In 2005, after receiving regulatory approval, the company was acquired by the Swiss-based Holcim Group in exchange for $3.37 billion. One year later, Aggregate Industries announced its expansion plans, which were centred around the UK. That same year, Foster Yeoman was acquired by Holcim Group and subsequently integrated into Aggregate Industries.
By 2010, the company employed more than 5,000 staff.

In November 2014, Aggregate Industries announced that work to upgrade its Glensanda quarry, which was the largest granite quarry in Europe at the time, had been completed.
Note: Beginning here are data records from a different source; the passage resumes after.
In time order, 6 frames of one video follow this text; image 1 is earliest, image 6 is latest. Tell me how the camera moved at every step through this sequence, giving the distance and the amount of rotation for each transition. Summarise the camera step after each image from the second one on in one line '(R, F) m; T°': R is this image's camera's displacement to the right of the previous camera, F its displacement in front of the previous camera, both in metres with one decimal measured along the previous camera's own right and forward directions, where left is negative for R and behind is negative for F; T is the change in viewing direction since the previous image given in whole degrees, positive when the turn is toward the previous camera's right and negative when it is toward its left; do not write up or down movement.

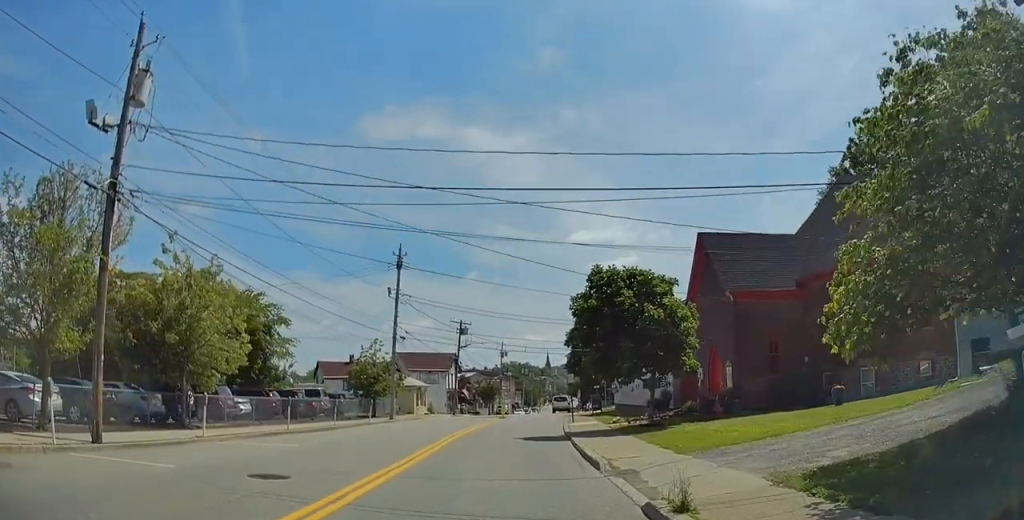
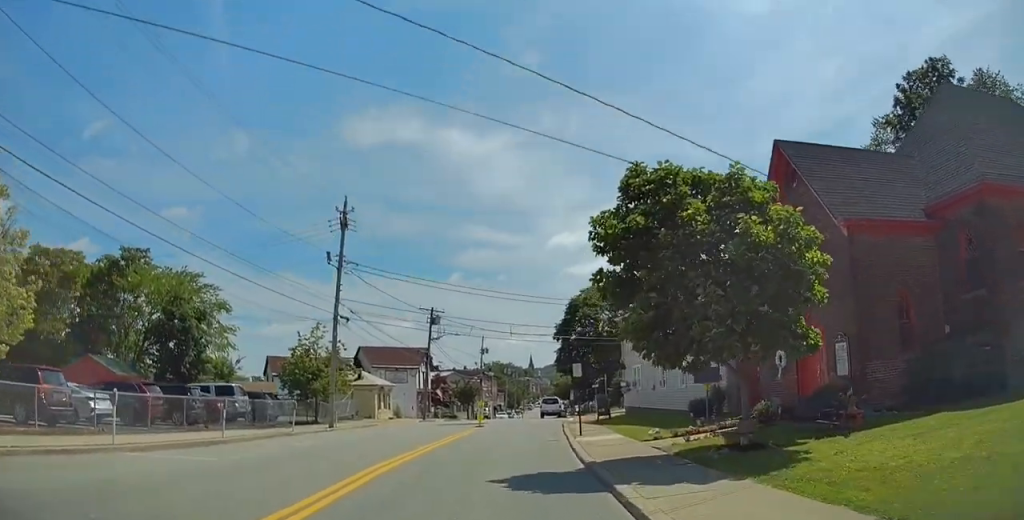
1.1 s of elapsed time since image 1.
(+0.2, +11.3) m; +1°
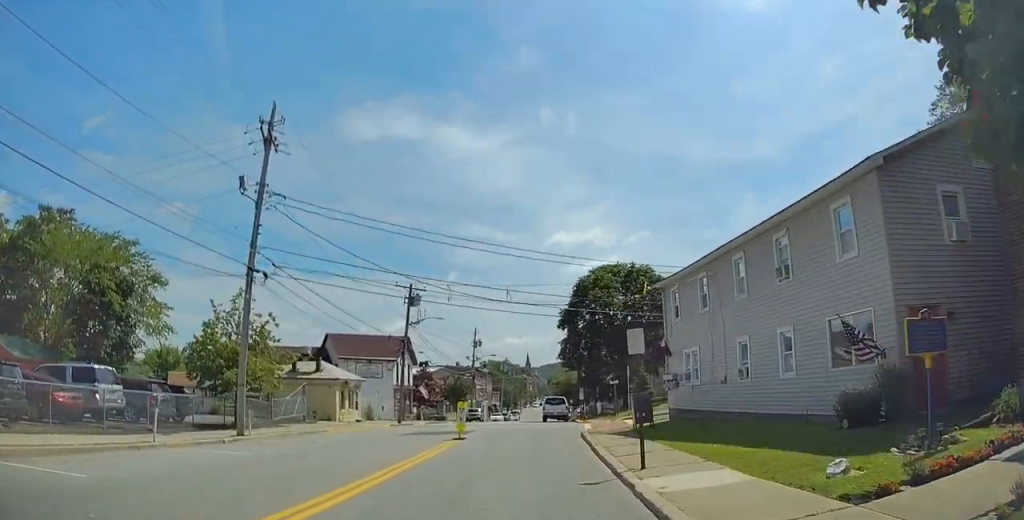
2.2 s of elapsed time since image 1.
(0.0, +11.4) m; 0°
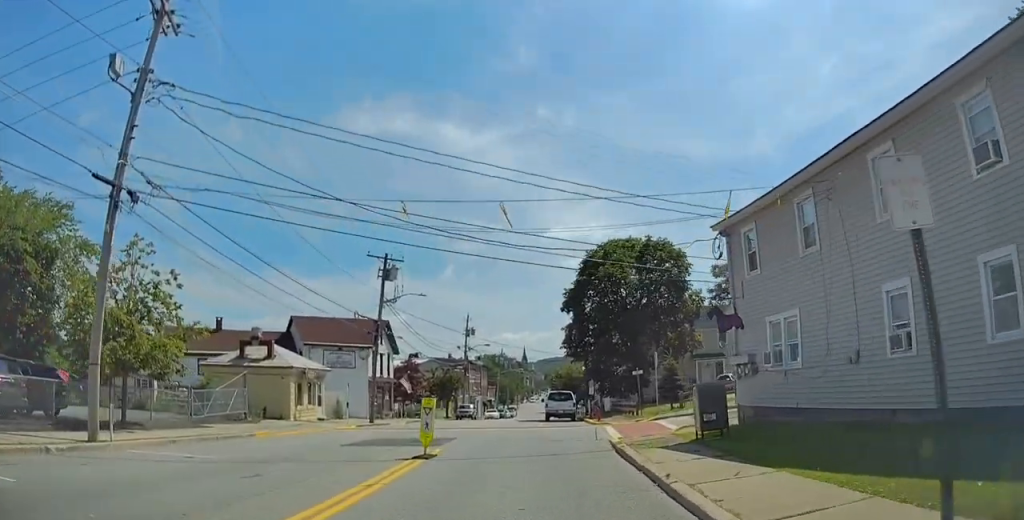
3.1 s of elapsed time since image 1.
(-0.1, +8.8) m; +1°
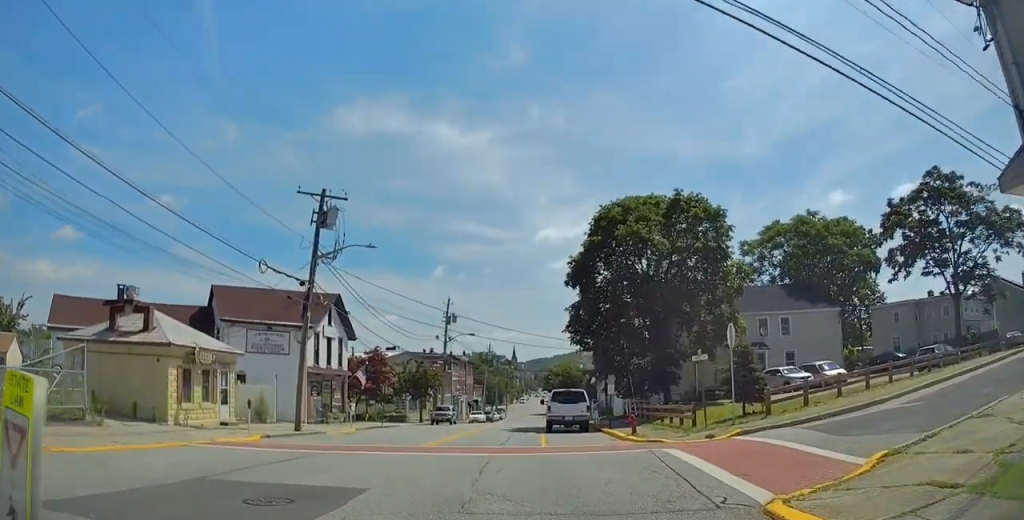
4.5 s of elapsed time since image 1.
(+0.2, +13.0) m; 0°
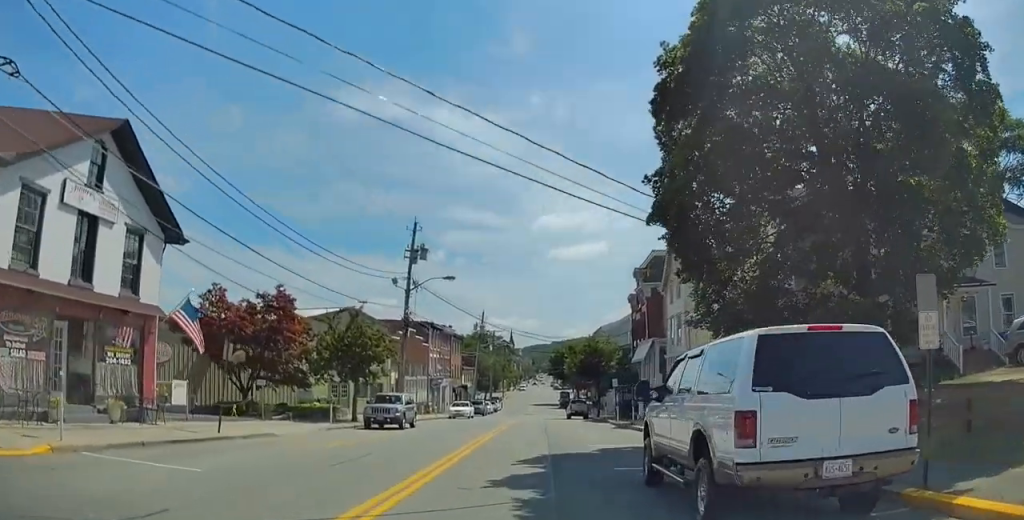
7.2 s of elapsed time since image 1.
(+0.3, +24.8) m; +2°

This upgrade, which reportedly cost £30 million, comprised the delivery of a new primary crushing machine along with a new tunnel, which enabled aggregates to be transported from the site directly onto cargo ships.

In July 2015, as a consequence of the merger between Lafarge and Holcim Group, Aggregate Industries became the owner of cement works in Staffordshire and Northern Ireland.
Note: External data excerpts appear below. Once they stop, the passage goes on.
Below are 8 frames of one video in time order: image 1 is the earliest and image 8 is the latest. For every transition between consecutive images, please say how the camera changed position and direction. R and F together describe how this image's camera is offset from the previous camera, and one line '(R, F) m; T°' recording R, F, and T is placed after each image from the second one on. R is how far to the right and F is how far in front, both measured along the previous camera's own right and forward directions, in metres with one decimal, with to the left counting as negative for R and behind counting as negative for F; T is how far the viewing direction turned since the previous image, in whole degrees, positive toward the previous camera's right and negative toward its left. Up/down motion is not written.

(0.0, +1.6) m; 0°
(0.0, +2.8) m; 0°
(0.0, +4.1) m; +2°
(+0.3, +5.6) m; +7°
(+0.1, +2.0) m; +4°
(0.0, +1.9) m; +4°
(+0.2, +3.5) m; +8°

In the early 2020s, in response to pressure from the British government for businesses to reduce their carbon footprints, Aggregate Industries began to increase its use of low-carbon processes, which included the electrification of its vehicles and the exploration of alternative fuel sources, such as biofuels. Furthermore, Aggregate Industries has produced a range of sustainability-focused products, including its low carbon, low water 'Life' range.

In 2022, the company acquired the railway recycling specialist Land Recovery, as well as the regional supplier Wiltshire Heavy Building Materials Ltd. In the following year, it also purchased the precast material supplier Besblock Ltd. In 2024, Aggregate Industries expanded its capacity to work on London-based projects via upgrading Tilbury Docks to facilitate faster cement shipments; separately, it also started using a new 080,000-tonne capacity wharf site in Great Yarmouth.

In March 2025, Aggregate Industries rebranded as Holcim UK, aligning more closely with its Swiss parent company Holcim Group. The rebrand, effective 14 March and announced on 17 March 2025, consolidated 25 brands under the Holcim UK. Later that same year, the company expanded its presence in the aggregate and concrete markets via the acquisitions of PJ Thory, including subsidiaries Gemmix and Pro Minimix. Holcim UK also abandoned its plans to establish a new quarry on farmland outside of Ottery St Mary in Devon.